● WHAT IS BEING ASKED: All of the entries must be reproduced exactly, with no images carried over.

● DATASET:

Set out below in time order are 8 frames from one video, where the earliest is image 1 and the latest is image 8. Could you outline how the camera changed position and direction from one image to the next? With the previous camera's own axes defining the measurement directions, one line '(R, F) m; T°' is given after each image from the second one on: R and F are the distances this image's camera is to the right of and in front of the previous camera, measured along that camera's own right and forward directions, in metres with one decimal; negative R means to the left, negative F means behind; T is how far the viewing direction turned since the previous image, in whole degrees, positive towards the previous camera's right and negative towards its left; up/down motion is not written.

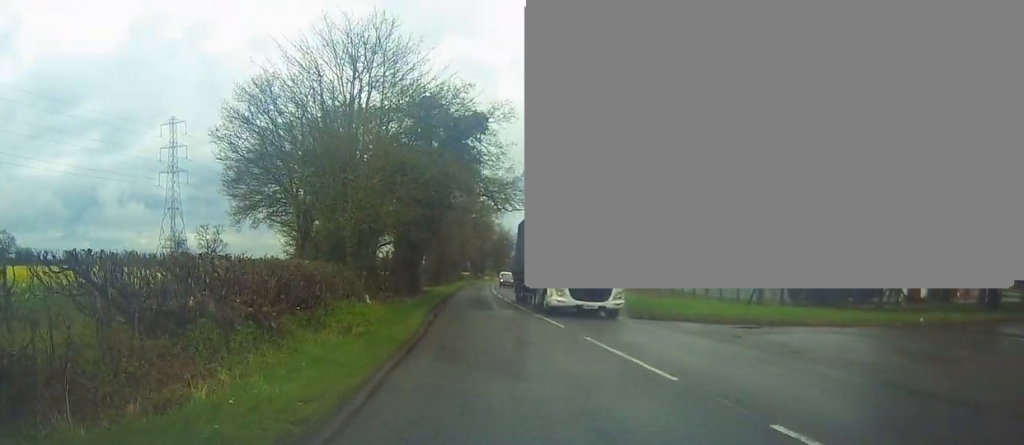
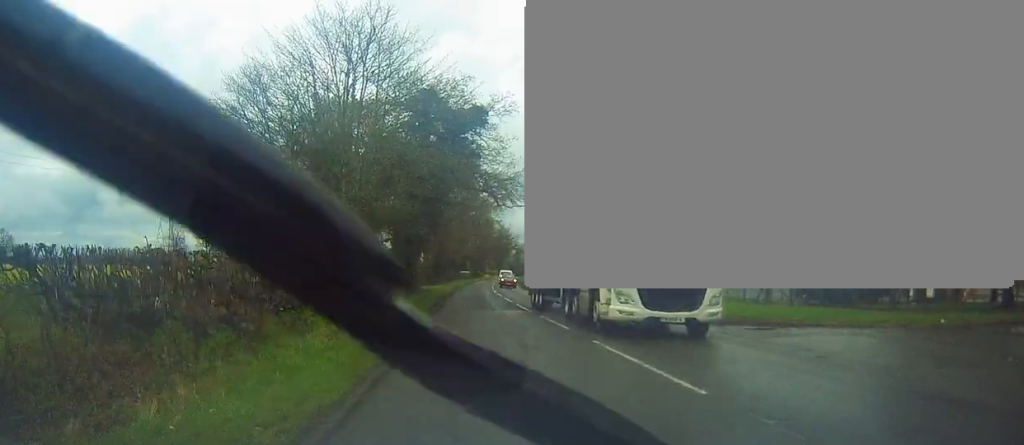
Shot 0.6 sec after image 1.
(-0.1, +1.3) m; +2°
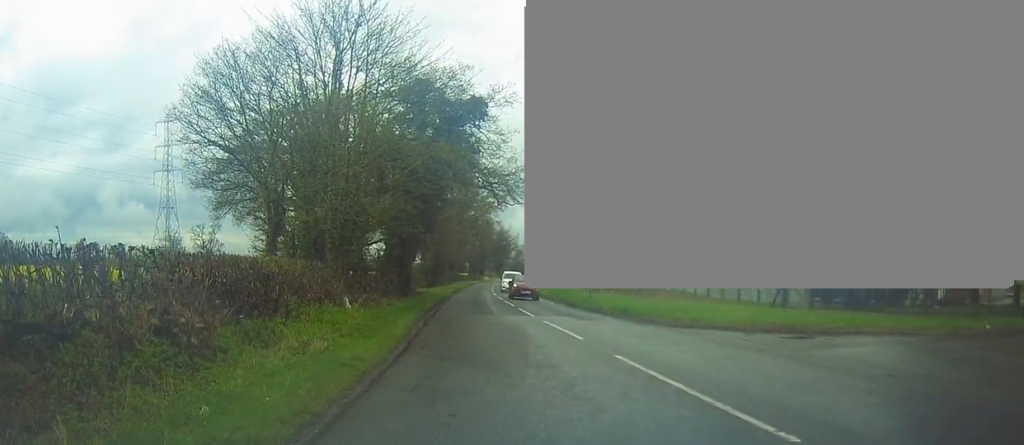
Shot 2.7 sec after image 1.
(+0.2, +2.3) m; +1°
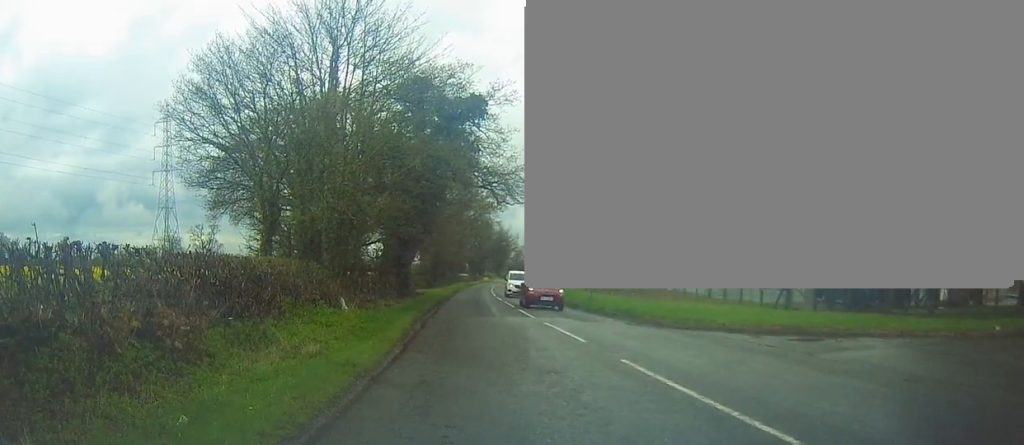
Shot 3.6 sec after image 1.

● EXPECTED ANSWER:
Set out below in time order are 8 frames from one video, where the earliest is image 1 and the latest is image 8. Could you outline how the camera changed position and direction from one image to the next? With the previous camera's own axes defining the measurement directions, one line '(R, F) m; T°' is given after each image from the second one on: R and F are the distances this image's camera is to the right of and in front of the previous camera, measured along that camera's own right and forward directions, in metres with one decimal; negative R means to the left, negative F means behind; T is how far the viewing direction turned since the previous image, in whole degrees, positive towards the previous camera's right and negative towards its left; up/down motion is not written.

Shot 0.6 sec after image 1.
(-0.1, +1.3) m; +2°
Shot 2.7 sec after image 1.
(+0.2, +2.3) m; +1°
Shot 3.6 sec after image 1.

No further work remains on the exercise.